Let's test this by adding more examples to our main method in ~/project/DuplicateDetector.java. Open the file in the Code Editor and add the following lines to the main method, after the existing code:
System.out.println("\nEmpty list: " + new ArrayList<>());
System.out.println("Contains duplicates? " + containsDuplicates(new ArrayList<>())); // Expected: false
List<String> nullList = null;
System.out.println("\nNull list: " + nullList);
// The following line will cause a NullPointerException if not handled
// System.out.println("Contains duplicates? " + containsDuplicates(nullList));
Save the file (Ctrl+S or Cmd+S).
Now, compile and run the program again.
Compile:
javac DuplicateDetector.java
Run:
java DuplicateDetector
You should see the output for the empty list:
List with duplicates: [apple, banana, apple, orange]
Contains duplicates? true
List without duplicates: [grape, mango, kiwi]
Contains duplicates? false
Empty list: []
Contains duplicates? false
The output for the empty list is correct; an empty list does not contain duplicates.
However, if you uncomment the line System.out.println("Contains duplicates? " + containsDuplicates(nullList)); and try to compile and run, you will get a NullPointerException.

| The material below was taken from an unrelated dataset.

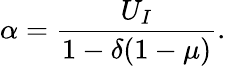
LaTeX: \alpha=\frac{U_{I}}{1-\delta(1-\mu)}.
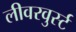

This happens because we are trying to create a HashSet from a null list, which is not allowed.
To make our containsDuplicates method more robust, we should handle the case where the input list is null. We can add a check at the beginning of the method.
Modify the containsDuplicates method in ~/project/DuplicateDetector.java to include a null check:
public static boolean containsDuplicates(List<String> list) {
// Handle null input
if (list == null) {
return false; // A null list does not contain duplicates
}
// Create a HashSet from the list
Set<String> uniqueElements = new HashSet<>(list);
// Compare the size of the list with the size of the HashSet
return list.size() != uniqueElements.size();
}
Now, uncomment the line that tests the null list in the main method:
List<String> nullList = null;
System.out.println("\nNull list: " + nullList);
System.out.println("Contains duplicates? " + containsDuplicates(nullList)); // Expected: false
Save the file (Ctrl+S or Cmd+S).
Compile and run the program one last time.
Compile:
javac DuplicateDetector.java
Run:
java DuplicateDetector
The output should now include the result for the null list without crashing:
List with duplicates: [apple, banana, apple, orange]
Contains duplicates? true
List without duplicates: [grape, mango, kiwi]
Contains duplicates? false
Empty list: []
Contains duplicates? false
Null list: null
Contains duplicates? false
By adding the null check, our containsDuplicates method is now more robust and can handle null input gracefully. This is an important practice in programming to prevent unexpected errors.
Summary
In this lab, we learned how to check if a Java List contains duplicate elements. We explored the use of a HashSet for efficient duplicate detection. By iterating through the list and attempting to add each element to a HashSet, we can quickly determine if an element is already present, indicating a duplicate.
We also learned an alternative method by comparing the size of the original list with the size of a HashSet created from the list. If the sizes are different, it signifies the presence of duplicates. Finally, we considered edge cases by testing the methods with null and empty lists to ensure robustness.